| cc.jive {CJIVE} | R Documentation |
Canonical (Correlation) JIVE
Description
Performs Canonical JIVE as described in the CJVE manuscript. This method is equivalent to AJIVE for 2 data sets.
Usage
cc.jive(
dat.blocks,
signal.ranks = NULL,
joint.rank = 1,
perc.var = 0.95,
perm.test = TRUE,
center = FALSE,
nperms = 1000
)
Arguments
dat.blocks |
a list of two matrices with samples along rows and features along columns, which contain data on the same n individuals/sampling units |
signal.ranks |
a vector of length two which contains the rank for the signal within each data block. The rank corresponds to the number of principal components (PCs) to be retained within each data block. If NULL, the ranks are determined by the parameter 'perc.var.' Default is NULL |
joint.rank |
The rank of the joint subspace i.e., number of components in the joint subspace |
perc.var |
an alternative to signal.ranks that allows specification of ranks based on the desired proportion of total variation to be retained. F For perc.var = p (where 0<p<1), rank is determined as the minimum number of eigenvalues whose cumulative sum is at least p*(total sum of eigenvalues) Default is 0.95 (i.e. 95% of total variation preserved for each data block). |
perm.test |
logical (TRUE/FALSE) of whether permutation test for joint rank should be performed. Overrides 'joint.rank' parameter if TRUE. Default is TRUE |
center |
logical (TRUE/FALSE) indicating whether data should be column-centered prior to testing. Default is TRUE |
nperms |
integer value indicating the number of permutations that should be performed. Default is 1000 |
Value
A list of two lists: 1) 'CanCorRes' contains results from the canonical correlation of PC scores including, the joint rank, joint subject sores, canonical correlations (and their respective p-values if perm.test was used), canonical loadings for the joint subspace, and total signal ranks 2) 'sJIVE', i.e. Simple JIVE results, correspond to the AJIVE when all ranks are known; includes the joint and individual signal matrices, concatenated PC scores, and the projection matrix used to project each data block onto the joint subspace
Examples
#Assign sample size and the number of features in each dataset
n = 200 #sample size
p1 = 100 #Number of features in data set X1
p2 = 100 #Number of features in data set X2
# Assign values of joint and individual signal ranks
r.J = 1 #joint rank
r.I1 = 2 #individual rank for data set X1
r.I2 = 2 #individual rank for data set X2
# Simulate data sets
ToyDat = GenerateToyData(n = 200, p1 = p1, p2 = p2, JntVarEx1 = 0.05, JntVarEx2 = 0.05,
IndVarEx1 = 0.25, IndVarEx2 = 0.25, jnt_rank = r.J, equal.eig = FALSE,
ind_rank1 = r.I1, ind_rank2 = r.I2, SVD.plots = TRUE, Error = TRUE,
print.cor = TRUE)
# Store simulated data sets in an object called 'blocks'
blocks <- ToyDat$'Data Blocks'
# Save Subject scores as R objects
JntScores = ToyDat[['Scores']][['Joint']]
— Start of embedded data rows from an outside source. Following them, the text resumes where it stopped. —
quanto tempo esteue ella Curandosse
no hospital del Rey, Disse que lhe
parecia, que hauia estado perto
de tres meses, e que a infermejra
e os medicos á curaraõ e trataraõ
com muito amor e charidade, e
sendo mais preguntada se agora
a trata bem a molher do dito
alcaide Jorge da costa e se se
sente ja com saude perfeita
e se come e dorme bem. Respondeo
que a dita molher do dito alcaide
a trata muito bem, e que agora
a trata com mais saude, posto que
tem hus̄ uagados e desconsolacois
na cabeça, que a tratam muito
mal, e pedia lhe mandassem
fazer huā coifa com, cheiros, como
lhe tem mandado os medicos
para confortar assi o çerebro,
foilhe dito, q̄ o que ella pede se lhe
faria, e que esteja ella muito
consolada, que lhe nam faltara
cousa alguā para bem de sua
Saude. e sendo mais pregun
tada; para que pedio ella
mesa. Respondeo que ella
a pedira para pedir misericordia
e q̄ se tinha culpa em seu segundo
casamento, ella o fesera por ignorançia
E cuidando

IndivScore.X = ToyDat[['Scores']][["Indiv_1"]]
IndivScore.Y = ToyDat[['Scores']][["Indiv_2"]]
# Save joint variable loadings as R objects
JntLd.X = t(ToyDat$Loadings$Joint_1)
JntLd.Y = t(ToyDat$Loadings$Joint_2)
# Save individual variable loadings as R objects
IndivLd.X =t(ToyDat$Loadings$Indiv_1)
IndivLd.Y = t(ToyDat$Loadings$Indiv_2)
# Save joint, individual, and noise signal matrices as R objects
JX = ToyDat[[1]]$J1
JY = ToyDat[[1]]$J2
IX = ToyDat[[1]]$I1
IY = ToyDat[[1]]$I2
EX = ToyDat[[1]]$E1
EY = ToyDat[[1]]$E2
## Check that proportions of variation explained are (approximately) equal to intended values
JVE.X = MatVar(JX)/MatVar(blocks[[1]])
JVE.Y = MatVar(JY)/MatVar(blocks[[2]])
IVE.X = MatVar(IX)/MatVar(blocks[[1]])
IVE.Y = MatVar(IY)/MatVar(blocks[[2]])
TotVE.X = MatVar((JX + IX))/MatVar(blocks[[1]])
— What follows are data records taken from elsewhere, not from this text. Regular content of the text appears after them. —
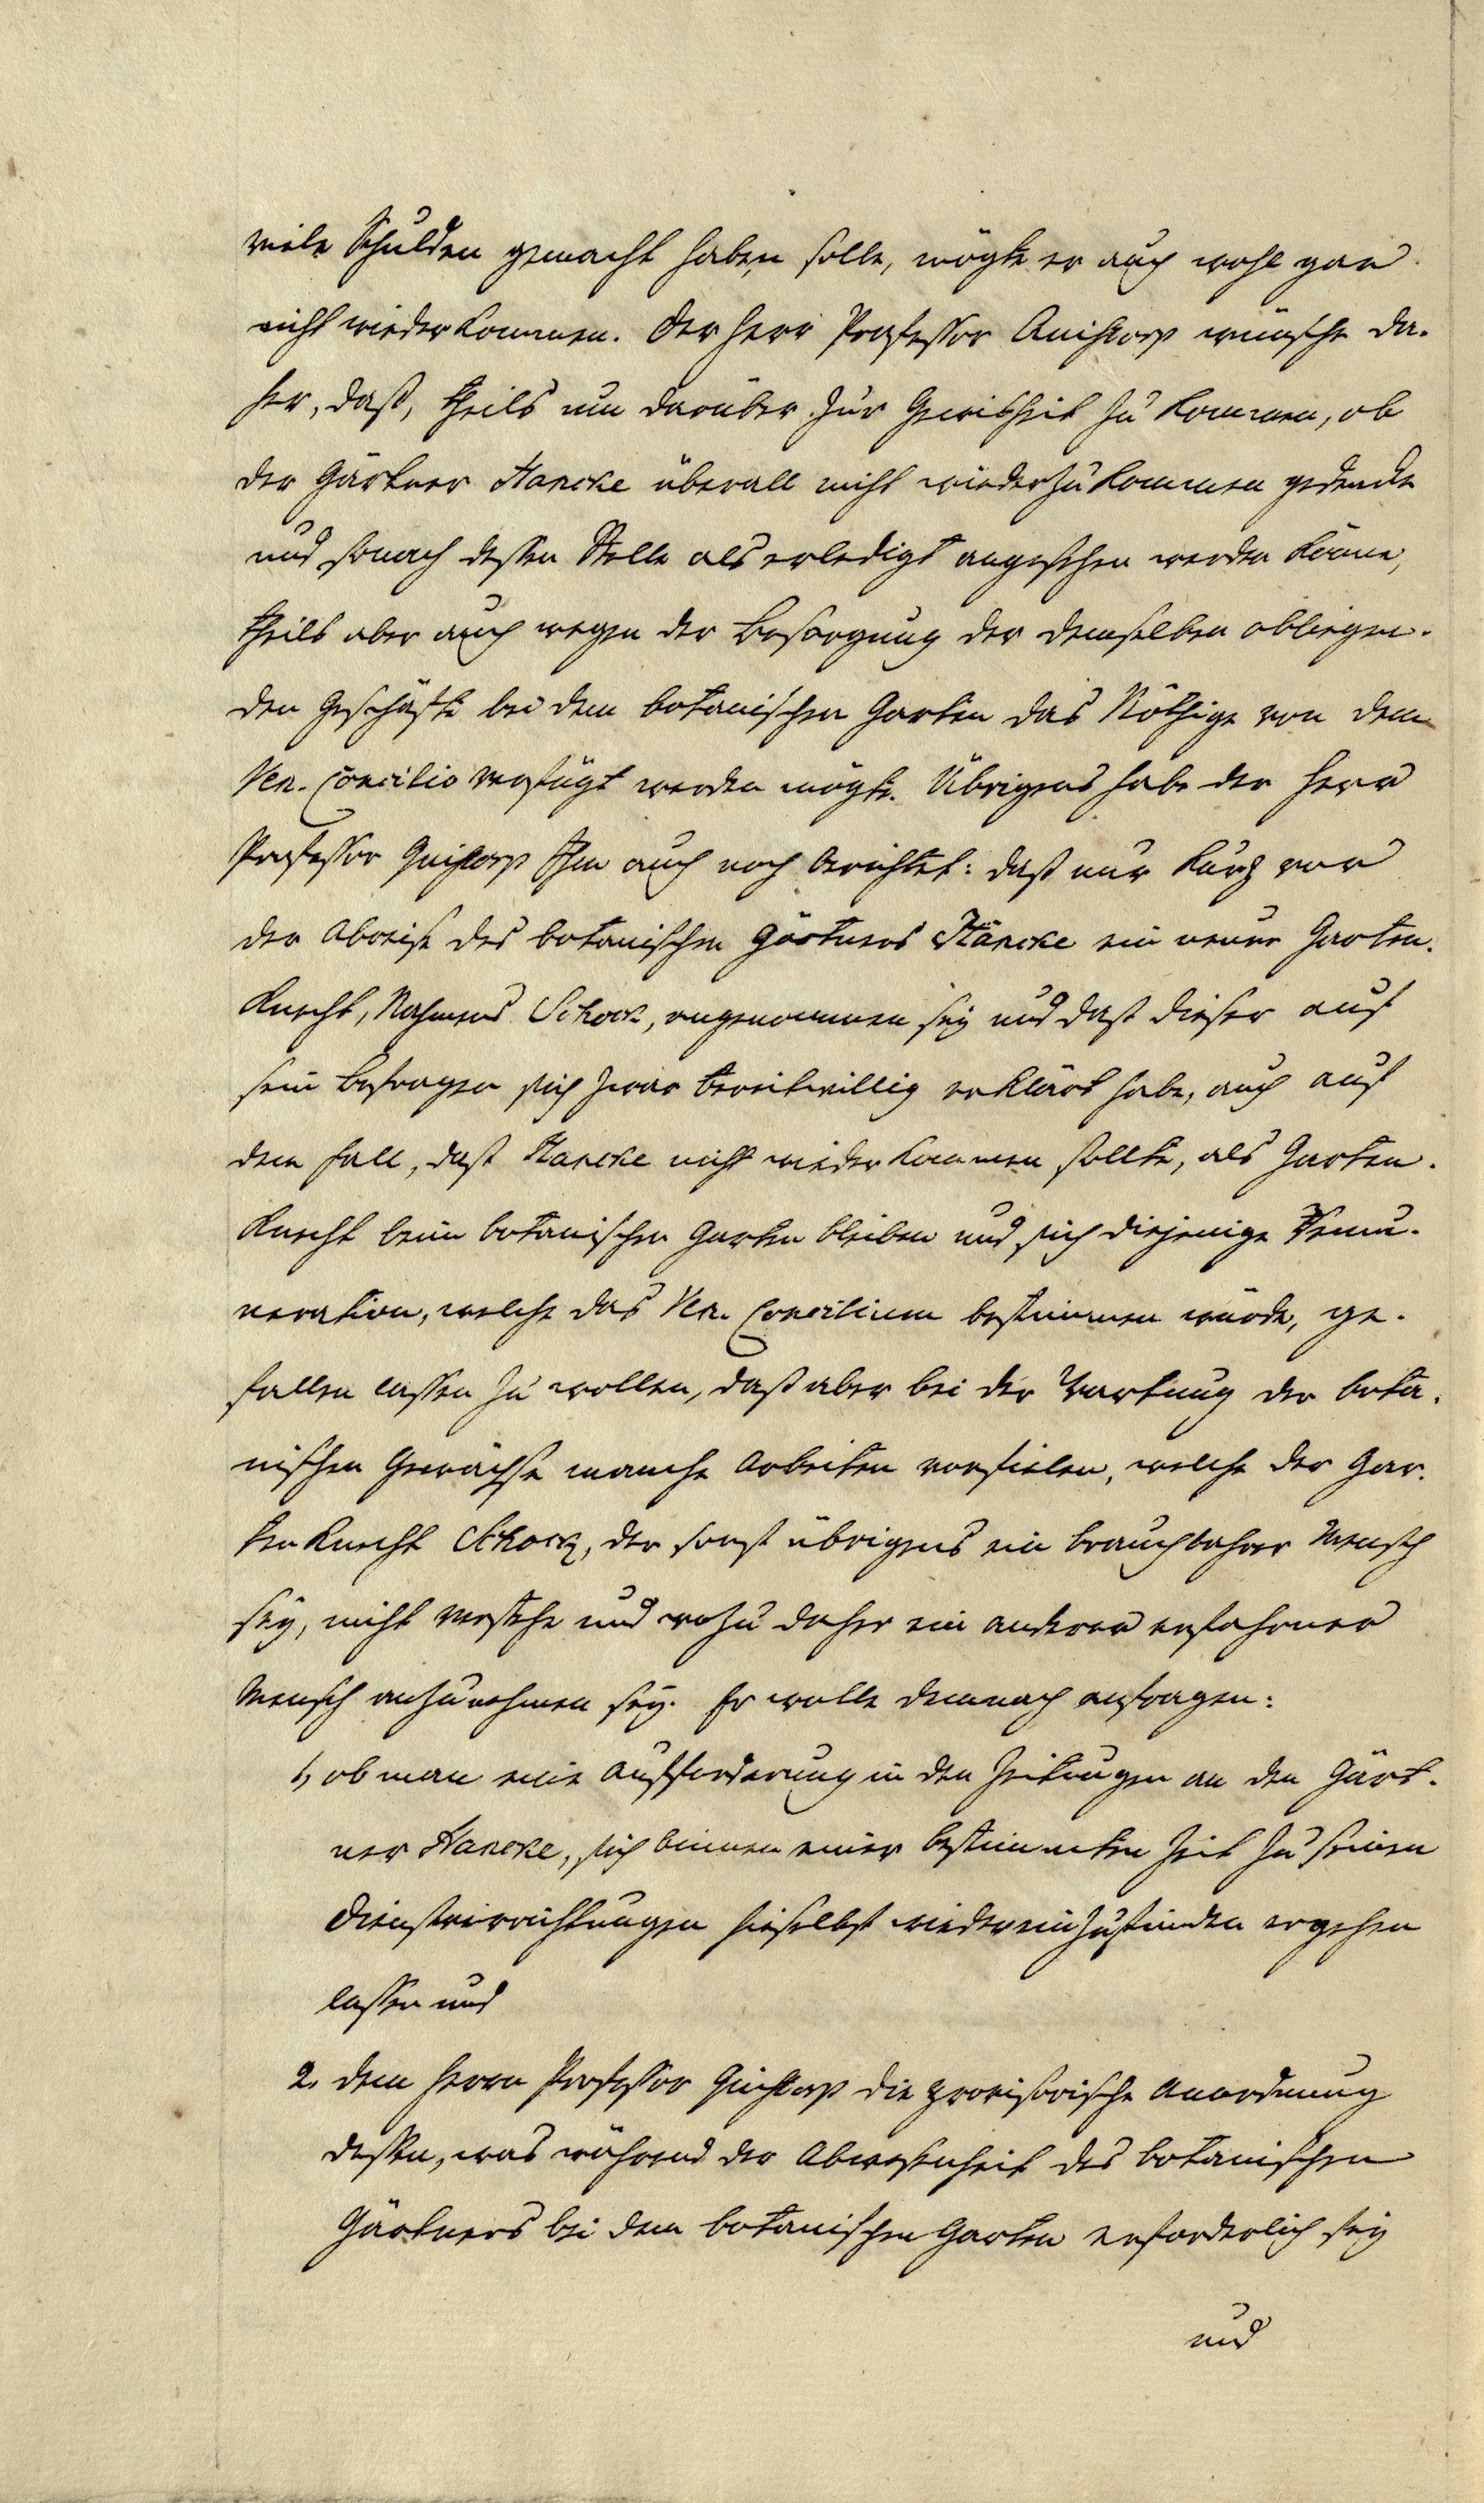viele Schulden gemacht haben solle, mögte er auch wohl gar
nicht wiederkommen. Der Herr Professor Quistorp wünsche da¬
her, daß, theils um darüber zur Gewisheit zu kommen, ob
der Gärtner Hancke überall nicht wiederzukommen gedencke
und sonach dessen Stelle als erledigt angesehen werden könne,
theils aber auch wegen der Besorgung der demselben obliegen¬
den Geschäfte bei dem botanischen Garten das Nöthige von dem
Ven. Concilio verfügt werden mögte. Übrigens habe der Herr
Professor Quistorp Ihm auch noch berichtet: daß nur kurz vor
der Abreise des botanischen Gärtners Hancke ein neuer Garten¬
knecht, Nahmens Schock, angenommen seÿ und daß dieser auf
sein Befragen sich zwar bereitwillig erklärt habe, auch auf
dem Fall, daß Hancke nicht wiederkommen sollte, als Garten¬
knecht beim botanischen Garten bleiben und sich diejenige Remu¬
neration, welche das Ven. Concilium bestimmen würde, ge¬
fallen lassen zu wollen, daß aber bei der Wartung der bota¬
nischen Gewächse manche Arbeiten vorfielen, welche der Gar¬
tenknecht Schock, der sonst übrigens ein brauchbahrer Mensch
seÿ, nicht verstehe und wozu daher ein anderer erfahrner
Mensch anzunehmen seÿ. Er wolle demnach anfragen:
1, ob man eine Aufforderung in den Zeitungen an den Gärt¬
ner Hancke, sich binnen einer bestimmten Zeit zu seinen
Dienstverrichtungen hieselbst wiedereinzufinden ergehen
lassen und
2. dem Herrn Professor Quistorp die provisorische Anordnung
dessen, was während der Abwesenheit des botanischen
Gärtners bei dem botanischen Garten erforderlich seÿ
und

TotVE.Y = MatVar((JY + IY))/MatVar(blocks[[2]])
CJIVE.res = cc.jive(blocks, c(r.I1,r.I2)+r.J, r.J, perm.test = FALSE)
# CJIVE signal matrix estimates
J.hat = CJIVE.res$sJIVE$joint_matrices
I.hat = CJIVE.res$sJIVE$indiv_matrices
# CJIVE loading estimates
WJ = lapply(J.hat, function(x) x[['v']])
WI = lapply(I.hat, function(x) x[['v']])
# Plots of CJIVE estimates against true counterparts and include an estimate of their chordal norm
layout(matrix(1:6,2, byrow = TRUE))
plot(JntScores, CJIVE.res$CanCorRes$Jnt_Scores, xlab = "True Joint Scores",
ylab = "CJIVE Joint Scores",
sub = paste0("Chordal Norm = ",
round(chord.norm.diff(JntScores, CJIVE.res$CanCorRes$Jnt_Scores), 3)))
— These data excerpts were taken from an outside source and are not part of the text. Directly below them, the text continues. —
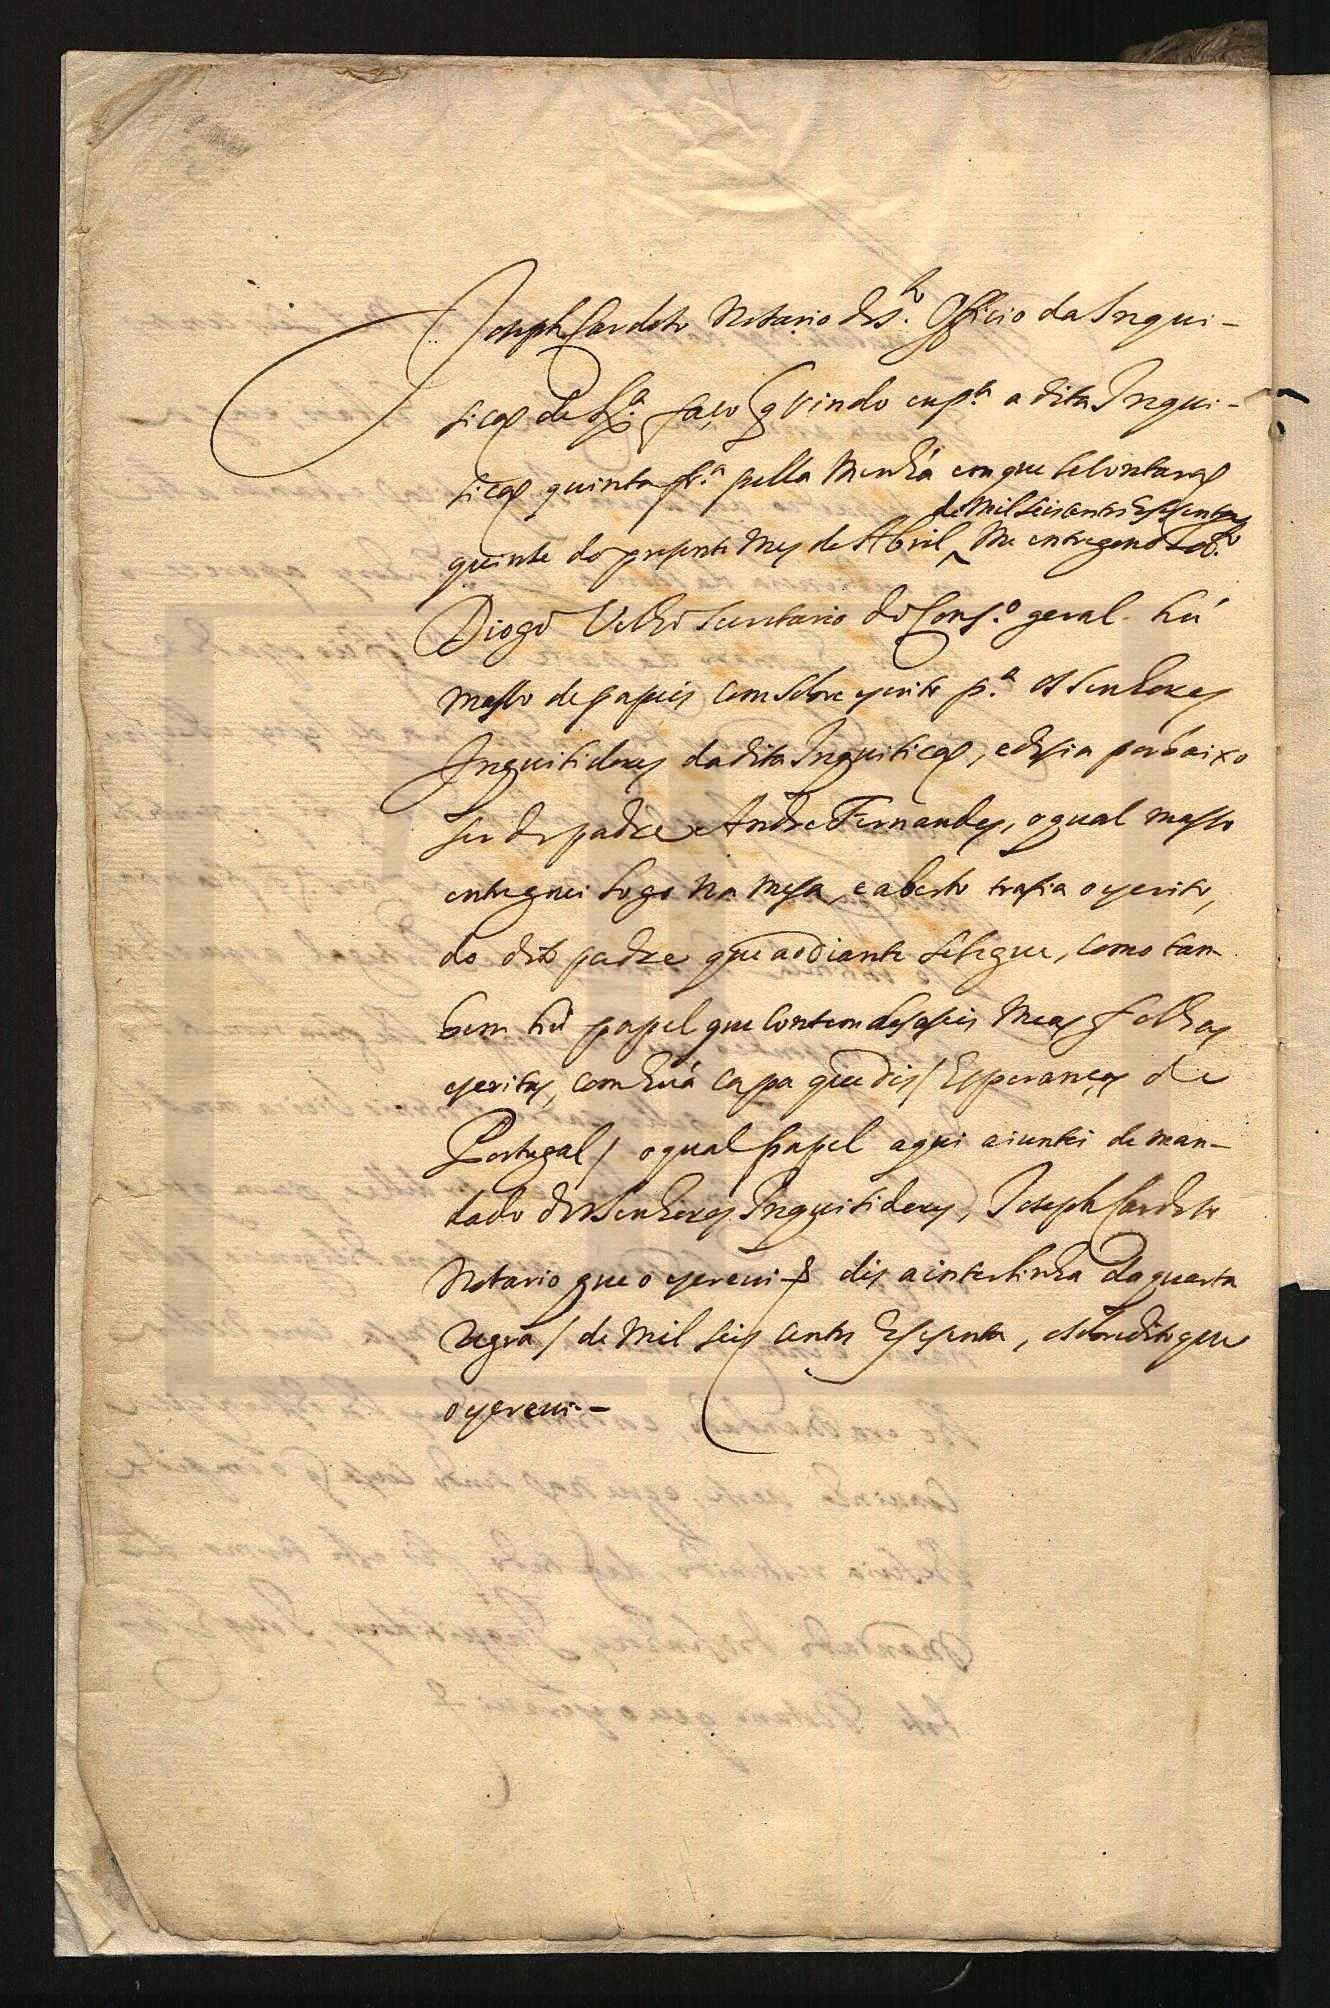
Joseph Cardoso Notario do s.to Officio da Inqui
siçaꝭ de Lx.a faço q̄ vindo eu p.a a dita Inqui
siçaꝭ quinta fr.a pella Menhā em que se contaraꝭ
quinse do presente mes de Abril
de mil seiscentos E sesenta
me entregou o Ld.o
Diogo Velho Secretario do Cons.o geral hū
masso de papeis com sobre escrito p.a os Senhores
Jnquisidores da dita Inquisiçaꝭ, e disia por baixo
ser do padre Andre Fernandes, o qual masso
entreguei Logo na mesa, e aberto trasia o escrito,
do dito padre que ao diante se segue, como tam
bem hū papel que contem desaseis meas folhas
escritas, com huā capa que dis / Esperanças de
Portugal / o qual papel aqui aiuntei de man
dado dos Senhores Inquisidores, Ioseph Cardoso
Notario que o escrevi
dis a interlinha da quarta
Regra / de mil seis centos E sesenta, o sobredito que
o escreui -

plot(JntLd.X, WJ[[1]][,1], xlab = "True Joint Loadings X", ylab = "CJIVE Joint Loadings X",
sub = paste0("Chordal Norm = ", round(chord.norm.diff(JntLd.X, WJ[[1]][,1]), 3)))
plot(JntLd.Y, WJ[[2]][,1], xlab = "True Joint Loadings Y", ylab = "CJIVE Joint Loadings Y",
sub = paste0("Chordal Norm = ", round(chord.norm.diff(JntLd.Y, WJ[[2]][,1]), 3)))
plot.new(); legend("left", paste("Comp.", 1:2), pch = 1, col = c("orange", "green"),bty = "n" )
plot(IndivLd.X, WI[[1]][,1:2], xlab = "True Individual Loadings X",
ylab = "CJIVE Individual Loadings X",
col = c(rep("orange",p1), rep("green",p2)),
sub = paste0("Chordal Norm = ", round(chord.norm.diff(IndivLd.X, WI[[1]][,1:2]), 3)))
plot(IndivLd.Y, WI[[2]][,1:2], xlab = "True Individual Loadings Y",
ylab = "CJIVE Individual Loadings Y",
col = c(rep("orange",p1), rep("green",p2)),
sub = paste0("Chordal Norm = ", round(chord.norm.diff(IndivLd.Y, WI[[2]][,1:2]), 3)))
layout(1)